如果只能二选一,你选择健康的肉身,还是正常的心智?

文|李筱涵

我记得,有一个版本是这样。那年夏天,母亲穿着一身市场随处可见最朴素的那种棉质宽松孕妇装,大腹便便,缓缓移步前往正装潢到一半的家屋现场。据她说,那是监工。

六月盛夏溽暑,我那极度怕热的母亲,竟甘愿挥汗如雨,窝在木屑随电锯声四散飞扬的施工现场,见证客厅隔板——按照设计蓝图生成现在的模样。噢,略有霉味的木台当时仍亮丽如洗。木工师傅手势俐落明快的抛光,层层磨亮我们对未来的想像。

新居入厝时,阳光穿透玻璃窗的红纸,洒落一片艳红。我还没来得及习惯房间那股新漆的气味,我妹就突然来了。甚至等不及我爸从外地工作岗位赶回,母亲撑着丰腴身躯站定在讲台,强忍腹肚翻搅间歇疼痛,等,那个迟来的下课钟声。(光想到每个月的子宫痉挛我就不得不佩服我妈)也许有昏厥,总之,她被一干吓坏的老师簇拥着,手忙脚乱给送到医院。推进手术房当晚,命运随着我妹坠落人间,她没有哭声,吓坏我们。无言以对,是迎向命运的初始。

自从妹妹出世,我才知道,每个人的时间轴有时差。

有些人,看似过着与常人一样的生活,其实早被遗忘在未曾前进的时间里,像活化石,仍如常呼吸。说白了,不过是徘徊在十岁前后的状态,周而复始,过着节奏如常的日子。彷佛不那么好也不特别坏,肉身有些细胞依然成长老去,她的身体时间无间断往前,心理时钟却从来没跟上节拍。
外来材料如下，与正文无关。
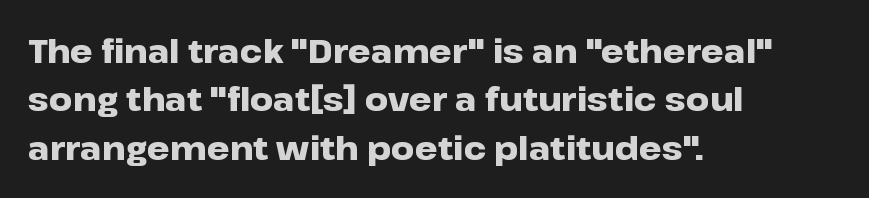
Q: Is the text bold? A: Yes.
Q: Is the text italic (slanted)? A: No, it is upright.
Q: Is the typeface a serif or a sans-serif typeface? A: Sans-serif.
Q: Is the text underlined? A: No.
Q: How is the paragraph aligned? A: Left-aligned.
Q: Is the spacing between letters normal or unusually wide? A: Normal.
Q: Is the spacing between lines tight, normal or loose? A: Normal.
Q: Width (condensed, normal, or wide)? A: Wide.
Q: Stroke contrast? A: Low.
Q: x-height? A: Medium.
Q: Monospaced? A: No.
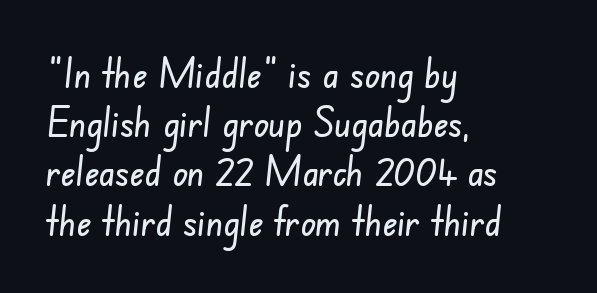
Letterform terminals end flat and unadorned throughout the passage. No word sits above an underline. Tracking value appears to be zero — textbook default spacing. Do the characters align in a grid? No, the font is proportional.
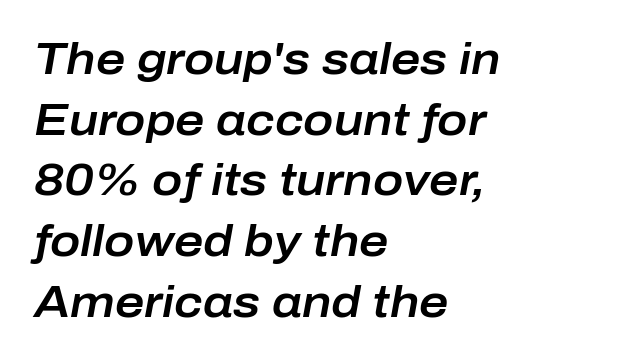
{"italic": "yes", "lean": "right", "slant_degrees": 10, "width": "normal", "stroke_contrast": "low", "x_height": "medium", "monospaced": "no", "underline": "no", "align": "left", "line_spacing": "normal", "line_spacing_ratio": 1.35, "letter_spacing": "normal", "letter_spacing_em": 0.0, "glyph_px": 45}

旁人总是问她的心智年龄,大概三岁?五岁?或许十岁有了吧?提问者总未意识到问题本身有多荒唐,我们的肉身岁数或树木年轮何曾探知灵魂感知?然而在世俗医疗制度里,循环似的检测就是如此安放我们的认知。依照“魏氏智力测验”,治疗师抽起一张卡牌,像童蒙教学后的考试;询问她关于数字、颜色还有其他看似简单,但我也不确定是否只能这样回答的问题。医院的诊断书像粗糙的解答本,我总抗拒接受它宣判妹妹的状态,无论重度、中度还是轻度,生活的障碍怎么会有等差?

因为脑中语素的缺席,她说不了太多话。又或者,总是说话的时候,我们接不住那些失序的声符。只能在她愤怒的情绪发泄里感觉到一种失语的沮丧。下垂的眉眼,可能掩藏了更多祕密。

然而,这个秩序如此紧锣密鼓的世界;失语,会不会反而是人生更好的状态?

有时,我仍不免会想,怎么会这样?

人生苦难从来没有什么原因,突如其来。马奎斯笔下,那只是来借个电话的女人早已帮我们透视医疗体系的荒唐;她一生最大的苦难,来自那一瞬间跑错了地方。哪里出错了呢,我们的人生?是不够勤快早起跑遍医院,挂上已排定几个月后的罕见疾病门诊?还是上辈子做错了什么?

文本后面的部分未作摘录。